## What you need to do
Write out the whole listing exactly; no images belong in it.
::: Listed records
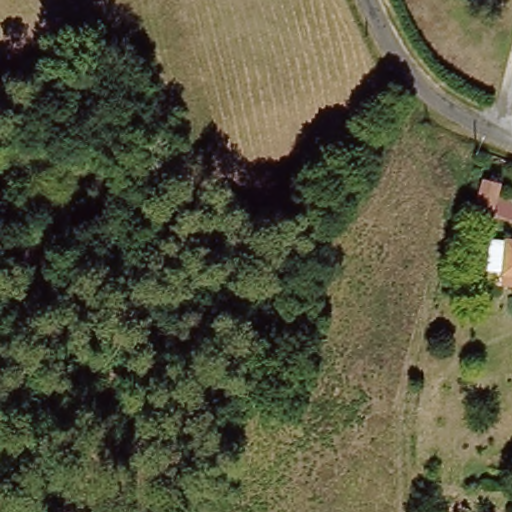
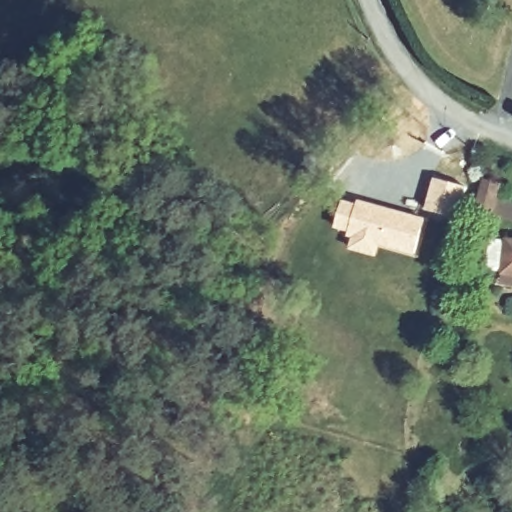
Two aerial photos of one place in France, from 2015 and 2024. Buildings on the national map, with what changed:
new [(432,177),(467,187),(457,219),(423,210),(432,177)]
new [(482,178),(502,184),(495,213),(475,207),(482,178)]
new [(342,198),(357,202),(358,197),(427,218),(416,258),(380,248),(377,258),(347,249),(351,237),(347,236),(348,233),(332,228),(342,198)]
unchanged [(505,274),(507,242),(512,242),(512,275),(505,274)]

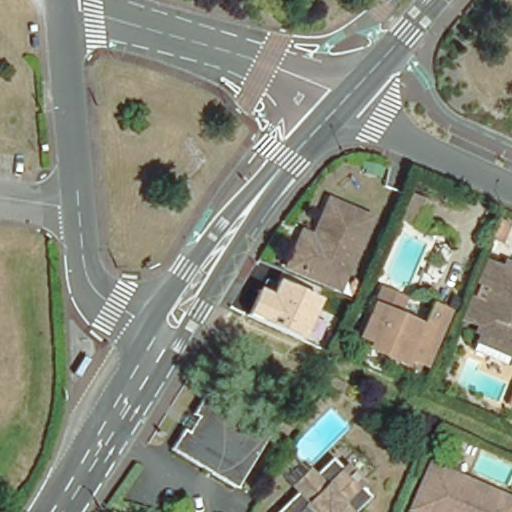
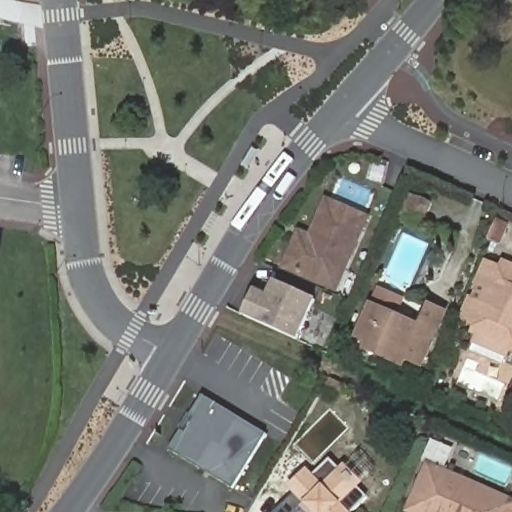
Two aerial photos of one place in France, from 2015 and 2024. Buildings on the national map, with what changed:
unchanged [(315,277),(280,261),(293,232),(304,237),(307,230),(325,195),(364,213),(334,280),(331,285),(315,277)]
unchanged [(476,337),(476,336),(472,335),(474,330),(461,325),(471,303),(481,308),(487,294),(477,290),(487,267),(500,273),(502,267),(512,272),(512,352),(508,350),(505,356),(473,343),(476,337)]
unchanged [(255,289),(268,294),(275,280),(317,300),(308,320),(324,327),(314,347),(300,340),(244,313),(255,289)]
unchanged [(362,336),(351,332),(366,301),(373,285),(399,296),(391,312),(415,322),(425,301),(441,309),(418,362),(401,355),(398,360),(379,352),(360,343),(362,336)]
unchanged [(265,430),(232,485),(170,446),(201,392),(265,430)]
unchanged [(430,462),(512,499),(512,512),(416,512),(408,508),(410,505),(430,462)]
unchanged [(296,489),(313,475),(318,481),(339,465),(348,476),(350,475),(355,481),(353,483),(367,501),(354,512),(279,512),(301,495),(296,489)]
::::::
## Reply to the exercise
Two aerial photos of one place in France, from 2015 and 2024. Buildings on the national map, with what changed:
new [(432,177),(467,187),(457,219),(423,210),(432,177)]
new [(482,178),(502,184),(495,213),(475,207),(482,178)]
new [(342,198),(357,202),(358,197),(427,218),(416,258),(380,248),(377,258),(347,249),(351,237),(347,236),(348,233),(332,228),(342,198)]
unchanged [(505,274),(507,242),(512,242),(512,275),(505,274)]

Two aerial photos of one place in France, from 2015 and 2024. Buildings on the national map, with what changed:
unchanged [(315,277),(280,261),(293,232),(304,237),(307,230),(325,195),(364,213),(334,280),(331,285),(315,277)]
unchanged [(476,337),(476,336),(472,335),(474,330),(461,325),(471,303),(481,308),(487,294),(477,290),(487,267),(500,273),(502,267),(512,272),(512,352),(508,350),(505,356),(473,343),(476,337)]
unchanged [(255,289),(268,294),(275,280),(317,300),(308,320),(324,327),(314,347),(300,340),(244,313),(255,289)]
unchanged [(362,336),(351,332),(366,301),(373,285),(399,296),(391,312),(415,322),(425,301),(441,309),(418,362),(401,355),(398,360),(379,352),(360,343),(362,336)]
unchanged [(265,430),(232,485),(170,446),(201,392),(265,430)]
unchanged [(430,462),(512,499),(512,512),(416,512),(408,508),(410,505),(430,462)]
unchanged [(296,489),(313,475),(318,481),(339,465),(348,476),(350,475),(355,481),(353,483),(367,501),(354,512),(279,512),(301,495),(296,489)]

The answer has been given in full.